All the data that follows should be repeated exactly, without a single picture.

**Entries shown**
# # # # #
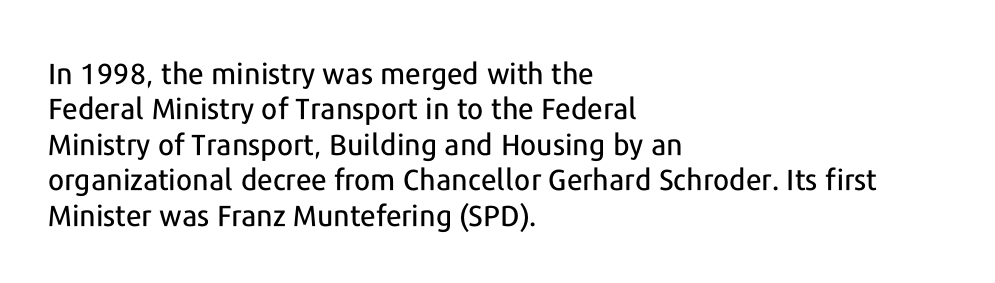
The image shows 29 px sans-serif type, upright; set left-aligned, line spacing 1.22x, normal letter spacing, not underlined; low stroke contrast and a medium x-height.
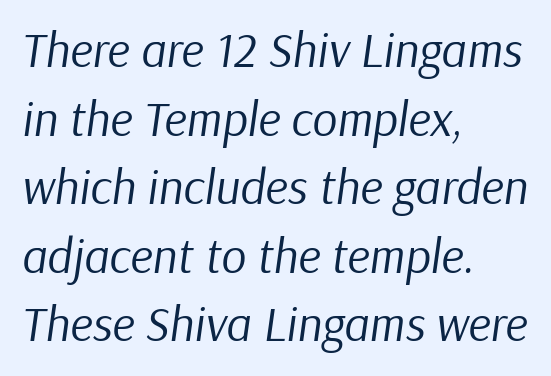
Is the type heavy? It reads as light-to-regular instead. Varying glyph widths throughout — classic text-font behaviour. An italicized treatment has been applied to the whole sample. The block of text has a typical density, with ordinary space between rows.
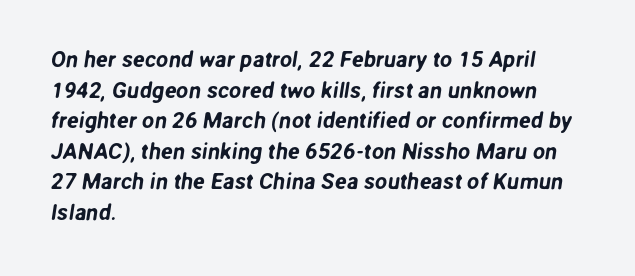
The image shows 22 px text type; set left-aligned, normal line spacing (1.39x), normal letter spacing, not underlined.
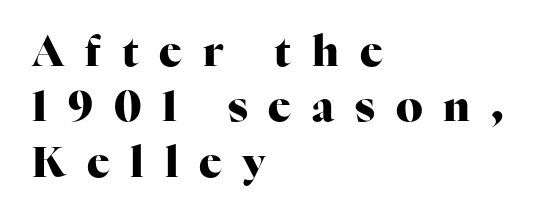
Q: Is the text bold? A: Yes.
Q: Is the text italic (slanted)? A: No, it is upright.
Q: Is the typeface a serif or a sans-serif typeface? A: Serif.
Q: Is the text underlined? A: No.
Q: How is the paragraph aligned? A: Left-aligned.
Q: Is the spacing between letters normal or unusually wide? A: Unusually wide.
Q: Is the spacing between lines tight, normal or loose? A: Normal.
Q: Width (condensed, normal, or wide)? A: Normal.
Q: Stroke contrast? A: High.
Q: x-height? A: Medium.
Q: Monospaced? A: No.
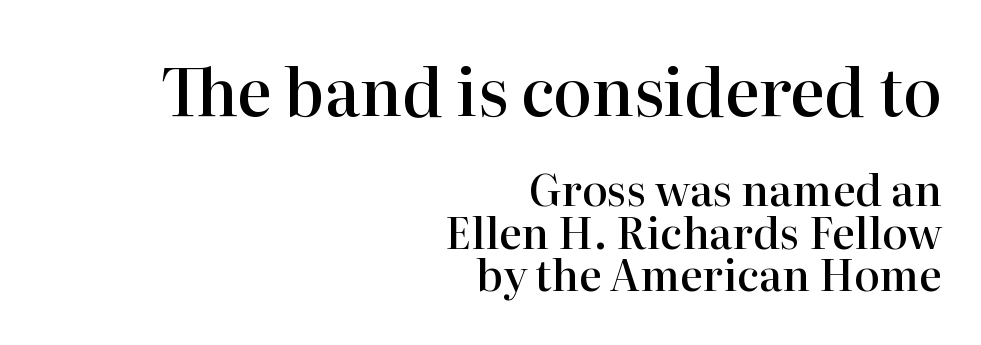
The image shows 65 px semibold serif type, upright; set right-aligned, tight line spacing (0.99x), normal letter spacing, not underlined; the first (top) block is 1.51x larger; high stroke contrast and a medium x-height.
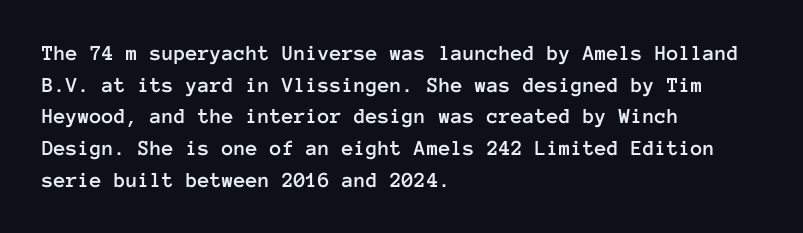
{"italic": "no", "underline": "no", "align": "left", "line_spacing": "normal", "line_spacing_ratio": 1.44, "letter_spacing": "normal", "letter_spacing_em": 0.0, "glyph_px": 22}
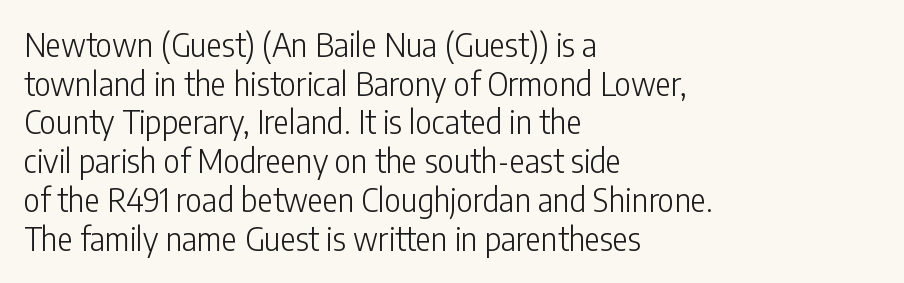
{"serif": "no", "italic": "no", "bold": "no", "weight": "light", "width": "condensed", "stroke_contrast": "low", "x_height": "medium", "monospaced": "no", "underline": "no", "align": "left", "line_spacing_ratio": 1.21, "letter_spacing": "normal", "letter_spacing_em": 0.0, "glyph_px": 32}
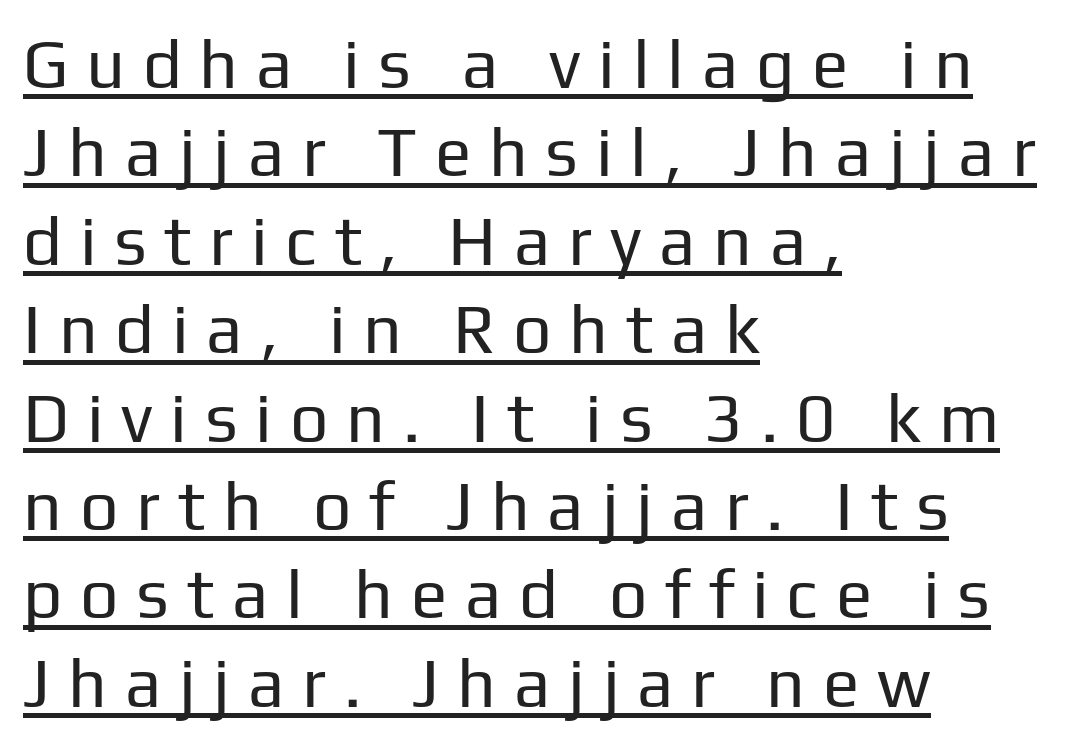
Q: Is the text bold? A: No.
Q: Is the text italic (slanted)? A: No, it is upright.
Q: Is the typeface a serif or a sans-serif typeface? A: Sans-serif.
Q: Is the text underlined? A: Yes.
Q: How is the paragraph aligned? A: Left-aligned.
Q: Is the spacing between letters normal or unusually wide? A: Unusually wide.
Q: Is the spacing between lines tight, normal or loose? A: Normal.
Q: Width (condensed, normal, or wide)? A: Normal.
Q: Stroke contrast? A: Low.
Q: x-height? A: Medium.
Q: Monospaced? A: No.
# # # # #
**Your response**
The image shows 29 px sans-serif type, upright; set left-aligned, line spacing 1.22x, normal letter spacing, not underlined; low stroke contrast and a medium x-height.
Is the type heavy? It reads as light-to-regular instead. Varying glyph widths throughout — classic text-font behaviour. An italicized treatment has been applied to the whole sample. The block of text has a typical density, with ordinary space between rows.
The image shows 22 px text type; set left-aligned, normal line spacing (1.39x), normal letter spacing, not underlined.
Q: Is the text bold? A: Yes.
Q: Is the text italic (slanted)? A: No, it is upright.
Q: Is the typeface a serif or a sans-serif typeface? A: Serif.
Q: Is the text underlined? A: No.
Q: How is the paragraph aligned? A: Left-aligned.
Q: Is the spacing between letters normal or unusually wide? A: Unusually wide.
Q: Is the spacing between lines tight, normal or loose? A: Normal.
Q: Width (condensed, normal, or wide)? A: Normal.
Q: Stroke contrast? A: High.
Q: x-height? A: Medium.
Q: Monospaced? A: No.
The image shows 65 px semibold serif type, upright; set right-aligned, tight line spacing (0.99x), normal letter spacing, not underlined; the first (top) block is 1.51x larger; high stroke contrast and a medium x-height.
{"italic": "no", "underline": "no", "align": "left", "line_spacing": "normal", "line_spacing_ratio": 1.44, "letter_spacing": "normal", "letter_spacing_em": 0.0, "glyph_px": 22}
{"serif": "no", "italic": "no", "bold": "no", "weight": "light", "width": "condensed", "stroke_contrast": "low", "x_height": "medium", "monospaced": "no", "underline": "no", "align": "left", "line_spacing_ratio": 1.21, "letter_spacing": "normal", "letter_spacing_em": 0.0, "glyph_px": 32}
Q: Is the text bold? A: No.
Q: Is the text italic (slanted)? A: No, it is upright.
Q: Is the typeface a serif or a sans-serif typeface? A: Sans-serif.
Q: Is the text underlined? A: Yes.
Q: How is the paragraph aligned? A: Left-aligned.
Q: Is the spacing between letters normal or unusually wide? A: Unusually wide.
Q: Is the spacing between lines tight, normal or loose? A: Normal.
Q: Width (condensed, normal, or wide)? A: Normal.
Q: Stroke contrast? A: Low.
Q: x-height? A: Medium.
Q: Monospaced? A: No.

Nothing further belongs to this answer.